Essai sur l'origine
Description
Introduction au livre
La collection « Les plus belles phrases de Corée » rassemble des œuvres classiques qui constituent un grand héritage de la littérature coréenne.
Le livre a été conçu pour préserver sa valeur esthétique en conservant intacte la couverture de la première édition originale et pour être à nouveau lisible à l'époque moderne.
L'« Essai Geunwon » de Kim Yong-jun est souvent considéré comme un chef-d'œuvre de la littérature de l'essai et une œuvre qui a atteint le plus haut niveau des essais modernes, au même titre que le « Museorok » de Lee Tae-jun.
La prose de Kim Yong-jun, peintre et historien de l'art, a longtemps été considérée comme légendaire, au point que certaines personnes recherchaient et chérissaient secrètement ses écrits, même si elle n'a été reconnue à sa juste valeur qu'après la levée de l'interdiction faite aux écrivains ayant fait défection en Corée du Nord.
La prose sophistiquée de Kim Yong-jun est empreinte de la fraîcheur de la vie dans nombre de ses textes.
Une prose qui imprègne la beauté et la tristesse du quotidien, les histoires des tableaux et des artistes, et le mystère du passé élèvent la qualité de vie.
Le livre a été conçu pour préserver sa valeur esthétique en conservant intacte la couverture de la première édition originale et pour être à nouveau lisible à l'époque moderne.
L'« Essai Geunwon » de Kim Yong-jun est souvent considéré comme un chef-d'œuvre de la littérature de l'essai et une œuvre qui a atteint le plus haut niveau des essais modernes, au même titre que le « Museorok » de Lee Tae-jun.
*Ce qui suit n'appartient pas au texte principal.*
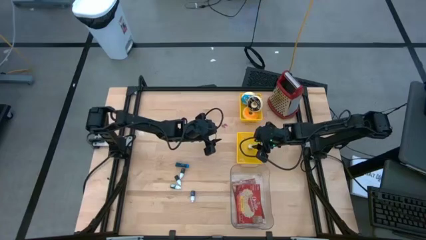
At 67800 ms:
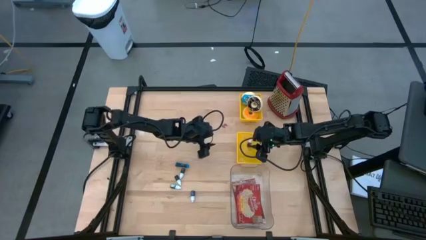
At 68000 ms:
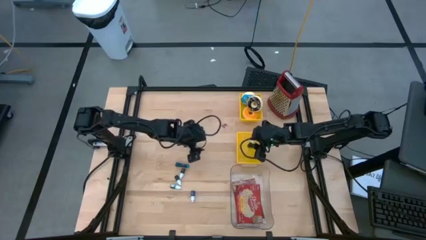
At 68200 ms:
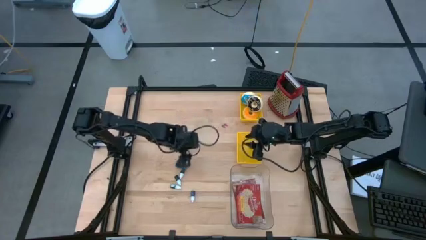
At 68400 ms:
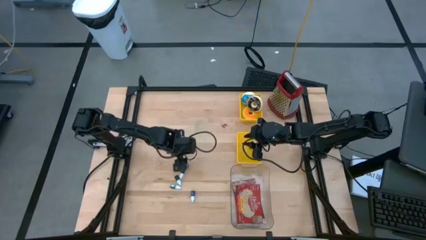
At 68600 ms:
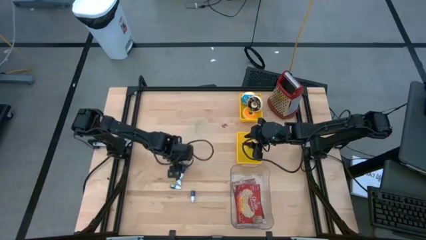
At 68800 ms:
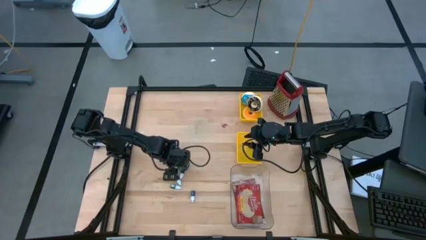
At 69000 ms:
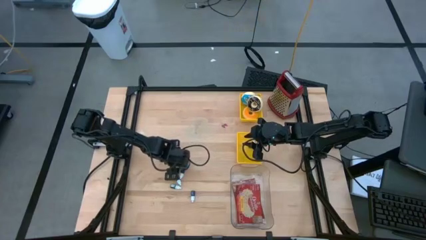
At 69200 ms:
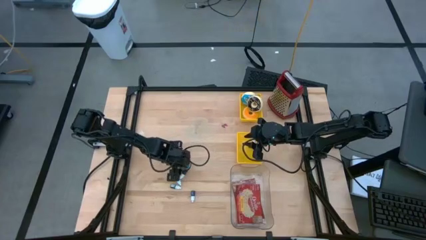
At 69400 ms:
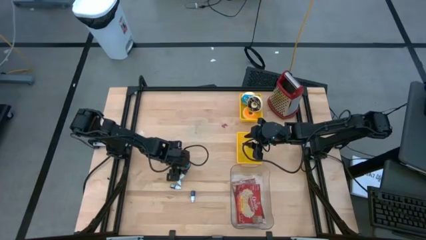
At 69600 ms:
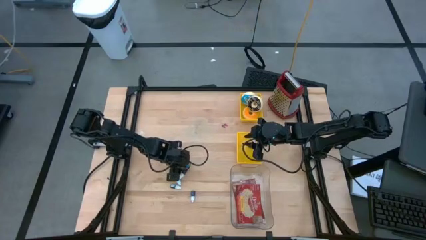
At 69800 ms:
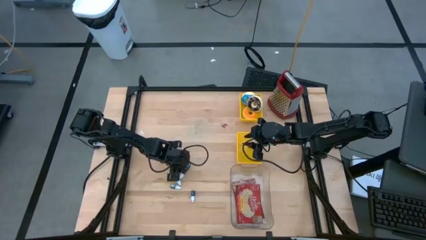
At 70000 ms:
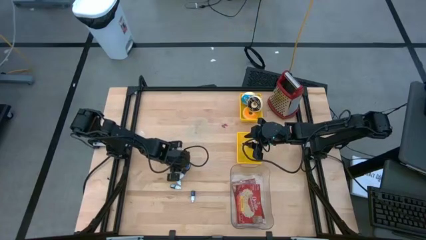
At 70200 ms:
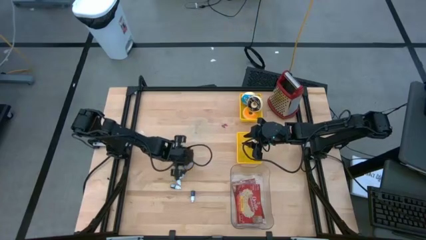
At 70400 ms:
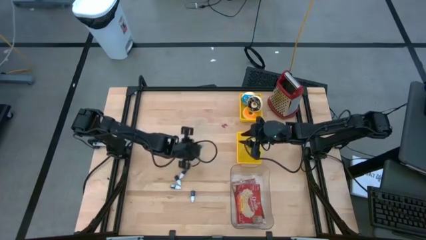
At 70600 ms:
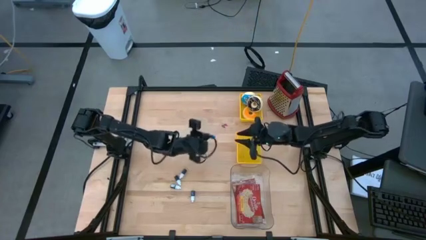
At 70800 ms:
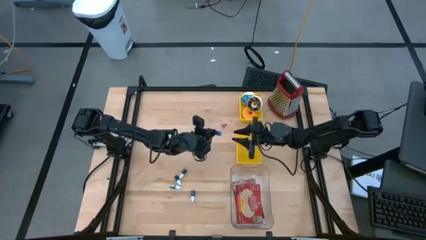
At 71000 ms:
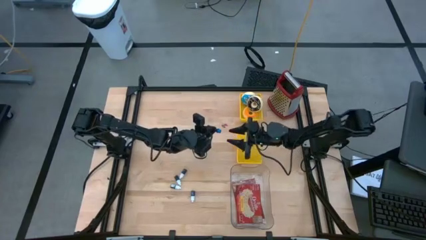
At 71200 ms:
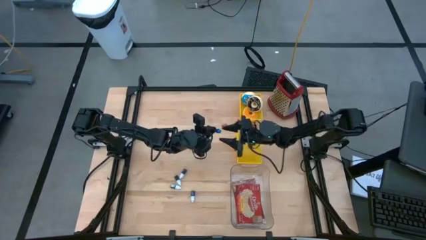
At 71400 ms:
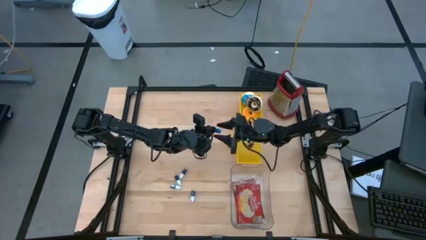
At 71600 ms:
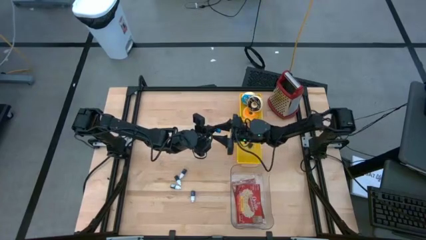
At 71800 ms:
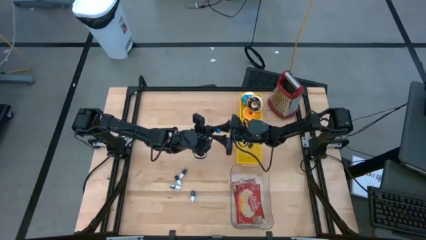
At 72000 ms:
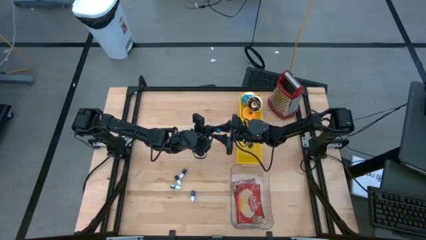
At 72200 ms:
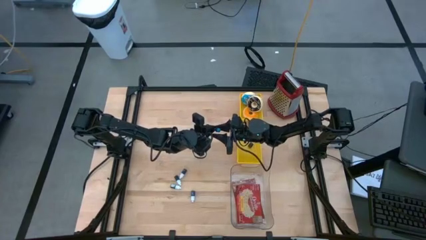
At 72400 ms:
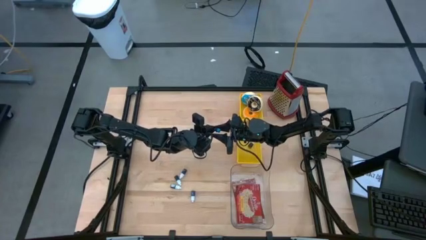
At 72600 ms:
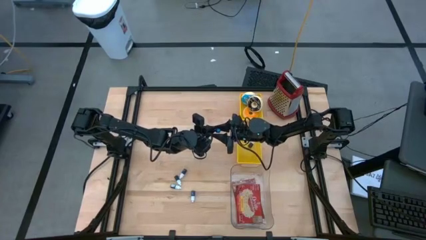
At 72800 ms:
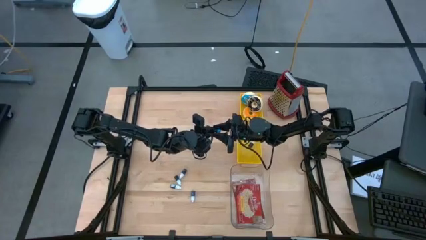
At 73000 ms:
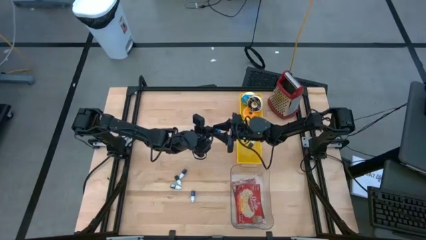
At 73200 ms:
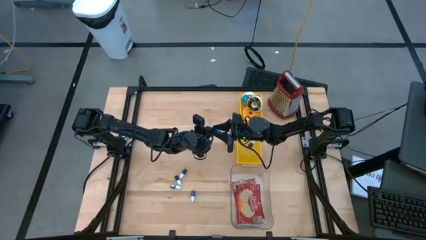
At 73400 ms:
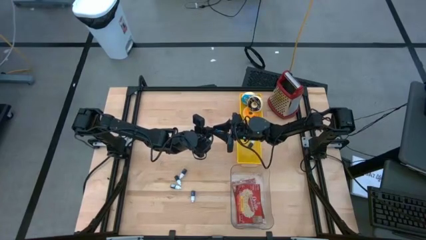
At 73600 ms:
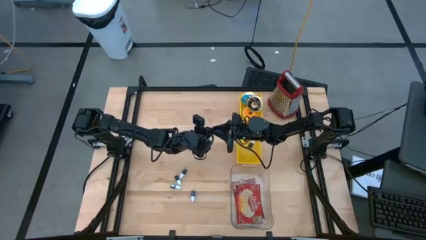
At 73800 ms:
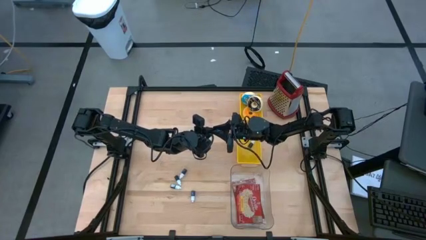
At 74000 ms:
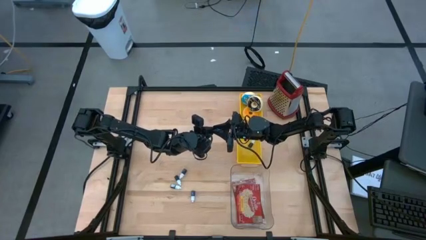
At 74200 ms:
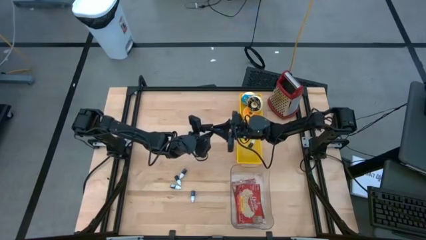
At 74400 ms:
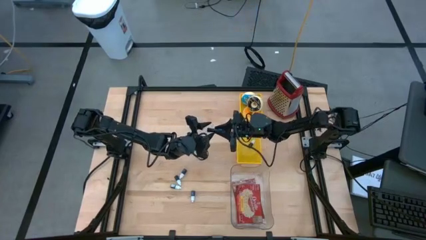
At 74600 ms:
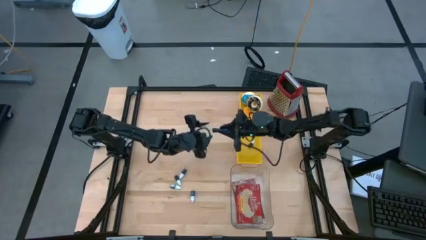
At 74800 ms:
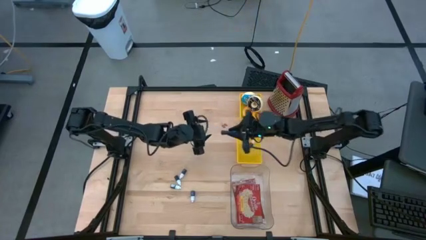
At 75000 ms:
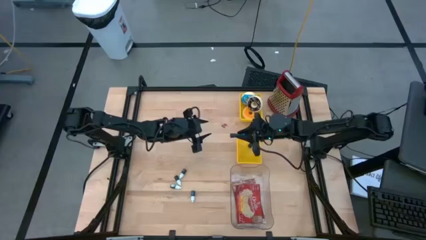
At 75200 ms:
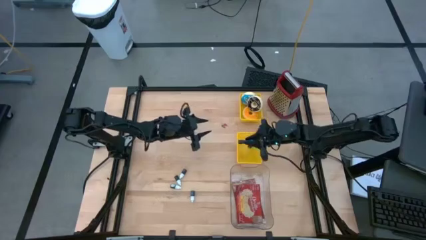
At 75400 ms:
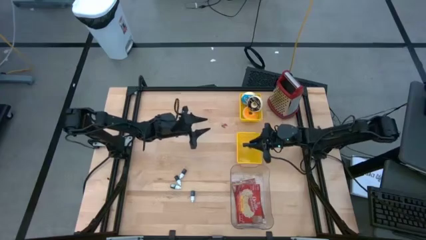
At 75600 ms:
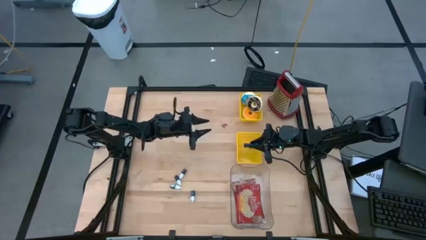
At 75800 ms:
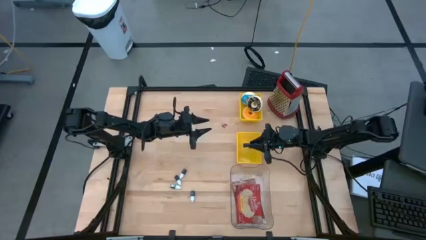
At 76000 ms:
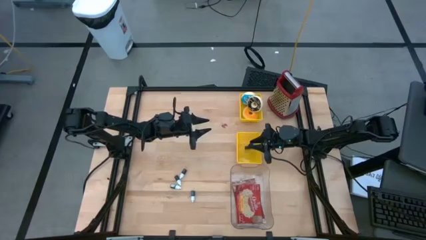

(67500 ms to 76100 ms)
Put the top blue food coloring bottle into the bottom yellow bin

La prose de Kim Yong-jun, peintre et historien de l'art, a longtemps été considérée comme légendaire, au point que certaines personnes recherchaient et chérissaient secrètement ses écrits, même si elle n'a été reconnue à sa juste valeur qu'après la levée de l'interdiction faite aux écrivains ayant fait défection en Corée du Nord.
La prose sophistiquée de Kim Yong-jun est empreinte de la fraîcheur de la vie dans nombre de ses textes.
Une prose qui imprègne la beauté et la tristesse du quotidien, les histoires des tableaux et des artistes, et le mystère du passé élèvent la qualité de vie.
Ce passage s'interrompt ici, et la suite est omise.